EXERCISE DIRECTIONS:
A line below contains "དབྱངས་པ། བཞི་ཐོག་པ་རིན་ཆེན་རྒྱལ་མཚན། བྱང་སེམས་རྒྱལ་པ་ཡེ་ཤེས།", and a later one contains "རབ་ཆོས་རྗེ། བསོད་ནམས་མཆོག་གྲུབ། འཇམ་དབྱངས་བཀྲ་ཤིས་རྒྱལ་མཚན།". Repeat both, with every line between them, exactly.

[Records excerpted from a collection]

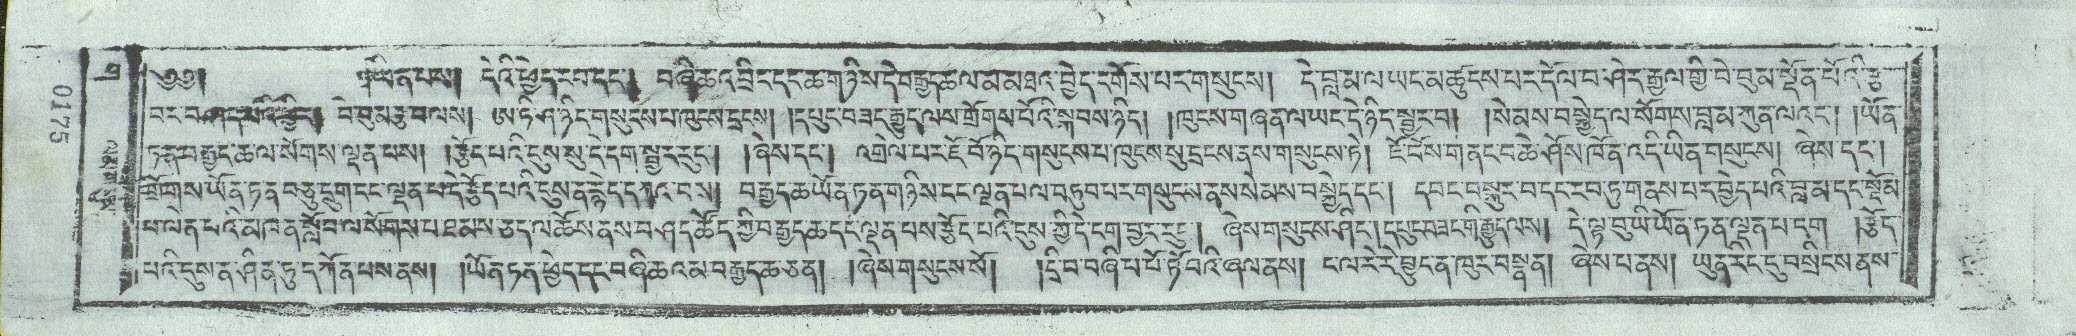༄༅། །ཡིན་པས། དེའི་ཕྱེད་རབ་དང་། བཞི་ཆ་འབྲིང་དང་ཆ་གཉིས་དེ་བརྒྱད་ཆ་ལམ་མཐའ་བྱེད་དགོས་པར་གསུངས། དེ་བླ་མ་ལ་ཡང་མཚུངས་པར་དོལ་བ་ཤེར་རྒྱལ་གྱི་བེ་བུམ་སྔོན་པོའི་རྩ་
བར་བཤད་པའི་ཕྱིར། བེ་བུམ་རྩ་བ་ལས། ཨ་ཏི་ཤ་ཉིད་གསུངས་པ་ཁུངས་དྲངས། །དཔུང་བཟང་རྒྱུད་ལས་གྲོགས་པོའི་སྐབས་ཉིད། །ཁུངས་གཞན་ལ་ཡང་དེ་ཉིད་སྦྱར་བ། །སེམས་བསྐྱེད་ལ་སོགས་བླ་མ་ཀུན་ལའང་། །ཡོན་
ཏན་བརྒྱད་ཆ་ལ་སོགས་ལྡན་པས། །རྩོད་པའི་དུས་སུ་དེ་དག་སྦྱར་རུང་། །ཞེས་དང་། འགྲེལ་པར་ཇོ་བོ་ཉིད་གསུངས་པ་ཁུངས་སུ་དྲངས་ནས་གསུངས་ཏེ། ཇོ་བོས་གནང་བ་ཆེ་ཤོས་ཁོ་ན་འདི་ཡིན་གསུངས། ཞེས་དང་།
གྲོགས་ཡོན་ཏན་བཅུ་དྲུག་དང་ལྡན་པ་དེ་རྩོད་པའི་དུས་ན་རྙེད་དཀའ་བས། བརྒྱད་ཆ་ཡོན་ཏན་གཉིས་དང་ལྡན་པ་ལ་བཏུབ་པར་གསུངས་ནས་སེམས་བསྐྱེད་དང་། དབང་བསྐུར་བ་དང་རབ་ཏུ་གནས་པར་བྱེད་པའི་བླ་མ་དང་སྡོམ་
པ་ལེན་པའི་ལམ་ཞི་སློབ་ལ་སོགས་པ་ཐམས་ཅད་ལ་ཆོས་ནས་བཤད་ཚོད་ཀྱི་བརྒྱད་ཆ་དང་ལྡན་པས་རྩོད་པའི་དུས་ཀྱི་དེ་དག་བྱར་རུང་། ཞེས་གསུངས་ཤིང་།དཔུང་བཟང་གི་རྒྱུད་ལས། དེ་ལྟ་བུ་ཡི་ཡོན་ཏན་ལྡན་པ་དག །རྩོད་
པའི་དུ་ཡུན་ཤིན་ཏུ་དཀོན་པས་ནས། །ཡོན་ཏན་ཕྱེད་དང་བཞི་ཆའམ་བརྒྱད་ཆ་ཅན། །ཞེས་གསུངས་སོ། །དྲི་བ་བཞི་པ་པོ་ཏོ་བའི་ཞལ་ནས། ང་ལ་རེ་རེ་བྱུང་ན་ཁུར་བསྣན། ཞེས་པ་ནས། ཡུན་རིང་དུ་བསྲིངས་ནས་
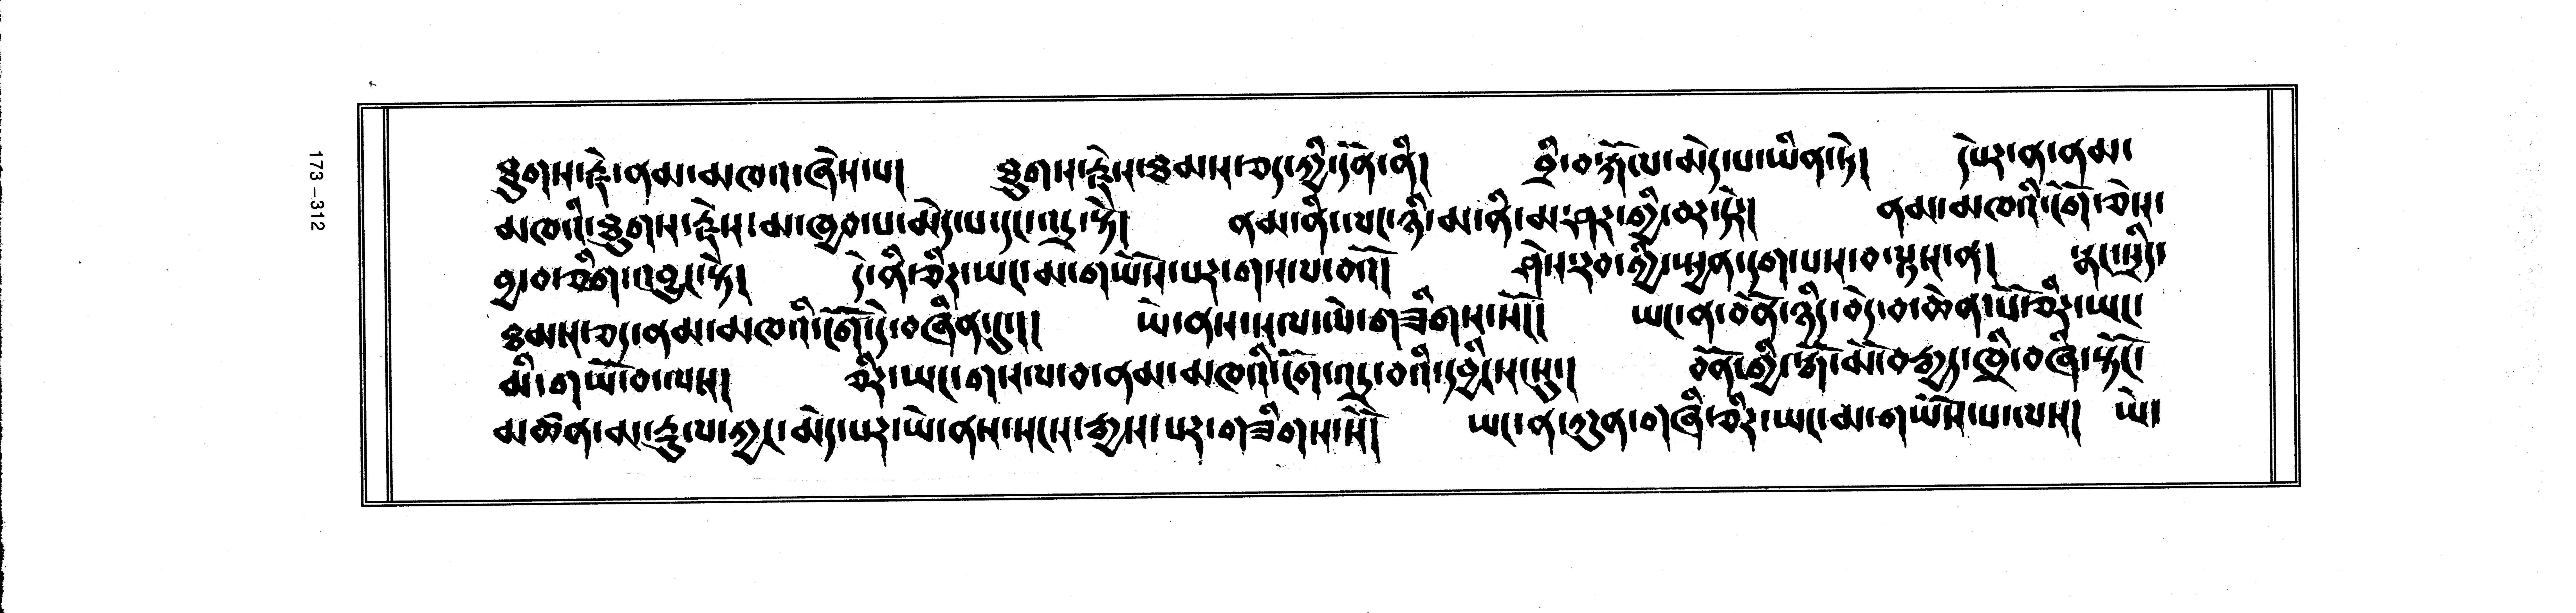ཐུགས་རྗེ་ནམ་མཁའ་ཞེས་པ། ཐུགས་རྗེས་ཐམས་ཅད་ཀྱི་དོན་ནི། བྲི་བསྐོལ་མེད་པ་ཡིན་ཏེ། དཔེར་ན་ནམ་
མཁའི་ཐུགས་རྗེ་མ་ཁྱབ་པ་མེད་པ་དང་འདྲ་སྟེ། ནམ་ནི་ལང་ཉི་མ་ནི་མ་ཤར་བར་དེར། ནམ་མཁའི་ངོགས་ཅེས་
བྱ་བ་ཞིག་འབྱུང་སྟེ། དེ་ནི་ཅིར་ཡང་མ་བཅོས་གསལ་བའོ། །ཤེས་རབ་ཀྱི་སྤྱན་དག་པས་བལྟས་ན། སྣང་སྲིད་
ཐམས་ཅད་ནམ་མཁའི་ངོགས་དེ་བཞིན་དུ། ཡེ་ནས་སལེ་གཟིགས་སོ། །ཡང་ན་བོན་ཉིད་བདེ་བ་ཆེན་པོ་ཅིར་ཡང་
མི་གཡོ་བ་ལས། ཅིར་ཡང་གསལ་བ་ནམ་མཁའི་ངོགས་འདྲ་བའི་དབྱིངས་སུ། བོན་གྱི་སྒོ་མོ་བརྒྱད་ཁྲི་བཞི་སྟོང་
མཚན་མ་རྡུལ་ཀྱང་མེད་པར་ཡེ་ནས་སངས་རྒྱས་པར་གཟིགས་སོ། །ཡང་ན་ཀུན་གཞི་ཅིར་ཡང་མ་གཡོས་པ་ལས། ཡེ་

* * *

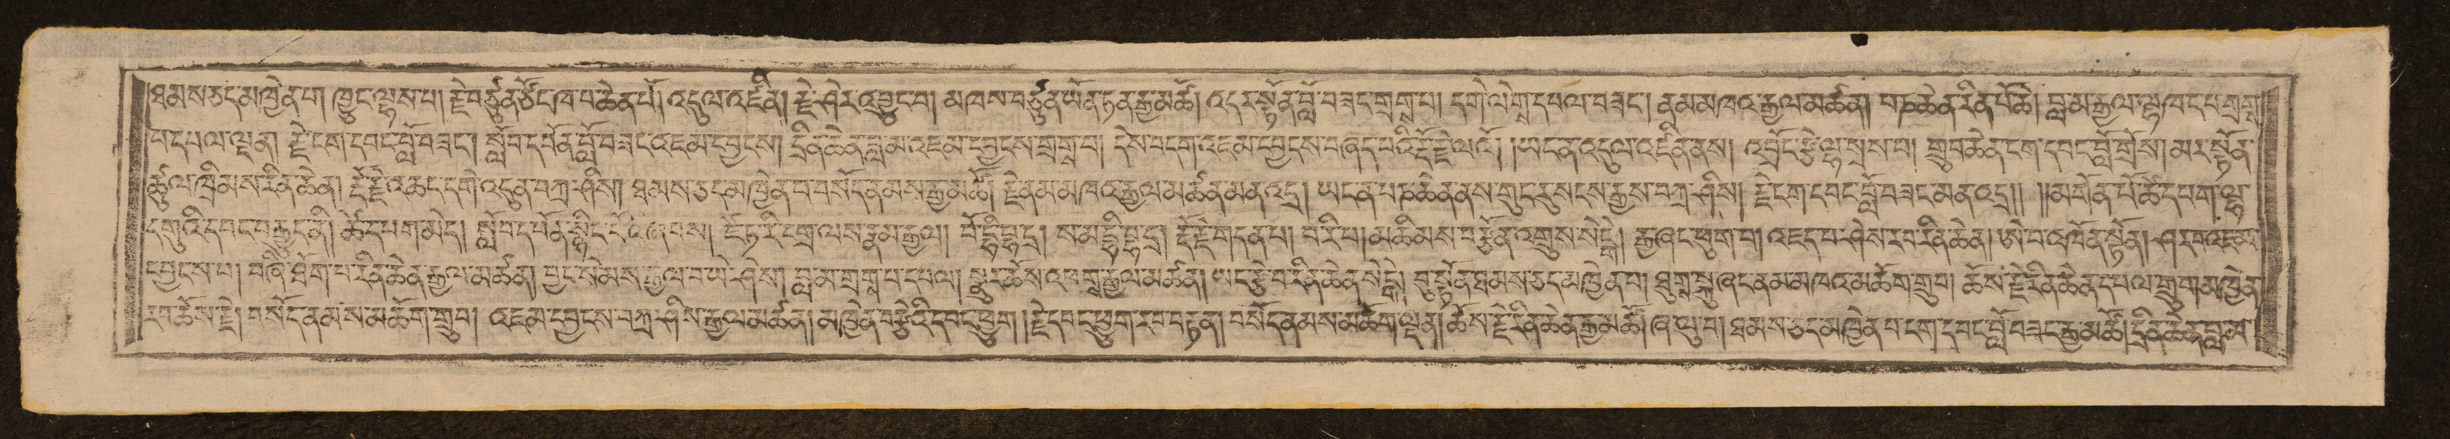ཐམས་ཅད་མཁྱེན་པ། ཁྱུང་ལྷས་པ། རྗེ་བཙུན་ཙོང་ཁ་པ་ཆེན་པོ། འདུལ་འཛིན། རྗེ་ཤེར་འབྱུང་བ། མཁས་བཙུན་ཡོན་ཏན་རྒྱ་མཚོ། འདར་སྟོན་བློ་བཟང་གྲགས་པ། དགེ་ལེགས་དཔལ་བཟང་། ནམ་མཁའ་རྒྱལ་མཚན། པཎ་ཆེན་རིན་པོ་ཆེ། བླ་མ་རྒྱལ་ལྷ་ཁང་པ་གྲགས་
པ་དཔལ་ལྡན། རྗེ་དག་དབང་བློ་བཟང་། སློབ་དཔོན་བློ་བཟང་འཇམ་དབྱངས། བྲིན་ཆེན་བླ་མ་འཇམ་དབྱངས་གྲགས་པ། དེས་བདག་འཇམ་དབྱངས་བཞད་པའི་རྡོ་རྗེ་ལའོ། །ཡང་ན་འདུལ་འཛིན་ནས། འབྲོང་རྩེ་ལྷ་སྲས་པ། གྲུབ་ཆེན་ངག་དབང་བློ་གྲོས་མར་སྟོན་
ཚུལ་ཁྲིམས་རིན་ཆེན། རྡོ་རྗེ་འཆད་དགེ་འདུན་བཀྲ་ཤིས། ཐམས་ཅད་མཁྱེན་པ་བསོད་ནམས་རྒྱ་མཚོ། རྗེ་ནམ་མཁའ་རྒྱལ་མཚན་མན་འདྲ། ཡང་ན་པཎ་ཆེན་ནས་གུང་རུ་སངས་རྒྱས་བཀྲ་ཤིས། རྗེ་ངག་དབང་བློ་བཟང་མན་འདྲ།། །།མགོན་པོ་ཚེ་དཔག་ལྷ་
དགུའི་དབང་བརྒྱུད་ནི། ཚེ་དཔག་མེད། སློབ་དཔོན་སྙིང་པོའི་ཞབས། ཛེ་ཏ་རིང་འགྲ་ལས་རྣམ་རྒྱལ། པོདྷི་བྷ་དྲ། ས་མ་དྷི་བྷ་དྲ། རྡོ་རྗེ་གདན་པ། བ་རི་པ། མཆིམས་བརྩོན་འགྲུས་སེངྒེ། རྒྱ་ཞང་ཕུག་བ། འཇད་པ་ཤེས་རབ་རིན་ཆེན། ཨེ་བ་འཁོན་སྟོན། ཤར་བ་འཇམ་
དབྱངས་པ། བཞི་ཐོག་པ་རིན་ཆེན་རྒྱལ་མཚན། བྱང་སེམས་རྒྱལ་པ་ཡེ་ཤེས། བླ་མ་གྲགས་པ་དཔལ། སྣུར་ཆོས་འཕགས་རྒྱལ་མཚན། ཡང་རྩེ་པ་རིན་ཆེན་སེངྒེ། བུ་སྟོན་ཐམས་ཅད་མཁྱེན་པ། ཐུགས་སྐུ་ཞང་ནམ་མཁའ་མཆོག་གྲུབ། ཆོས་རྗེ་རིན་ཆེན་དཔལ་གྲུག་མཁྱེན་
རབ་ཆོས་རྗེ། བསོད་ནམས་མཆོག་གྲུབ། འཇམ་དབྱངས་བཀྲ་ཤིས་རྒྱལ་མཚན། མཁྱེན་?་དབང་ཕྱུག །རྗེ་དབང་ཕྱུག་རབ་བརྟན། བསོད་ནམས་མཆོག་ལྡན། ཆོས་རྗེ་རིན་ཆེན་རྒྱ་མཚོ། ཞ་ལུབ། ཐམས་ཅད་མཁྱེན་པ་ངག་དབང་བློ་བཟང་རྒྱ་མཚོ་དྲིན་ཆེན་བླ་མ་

TASK ANSWER:
དབྱངས་པ། བཞི་ཐོག་པ་རིན་ཆེན་རྒྱལ་མཚན། བྱང་སེམས་རྒྱལ་པ་ཡེ་ཤེས། བླ་མ་གྲགས་པ་དཔལ། སྣུར་ཆོས་འཕགས་རྒྱལ་མཚན། ཡང་རྩེ་པ་རིན་ཆེན་སེངྒེ། བུ་སྟོན་ཐམས་ཅད་མཁྱེན་པ། ཐུགས་སྐུ་ཞང་ནམ་མཁའ་མཆོག་གྲུབ། ཆོས་རྗེ་རིན་ཆེན་དཔལ་གྲུག་མཁྱེན་
རབ་ཆོས་རྗེ། བསོད་ནམས་མཆོག་གྲུབ། འཇམ་དབྱངས་བཀྲ་ཤིས་རྒྱལ་མཚན། མཁྱེན་?་དབང་ཕྱུག །རྗེ་དབང་ཕྱུག་རབ་བརྟན། བསོད་ནམས་མཆོག་ལྡན། ཆོས་རྗེ་རིན་ཆེན་རྒྱ་མཚོ། ཞ་ལུབ། ཐམས་ཅད་མཁྱེན་པ་ངག་དབང་བློ་བཟང་རྒྱ་མཚོ་དྲིན་ཆེན་བླ་མ་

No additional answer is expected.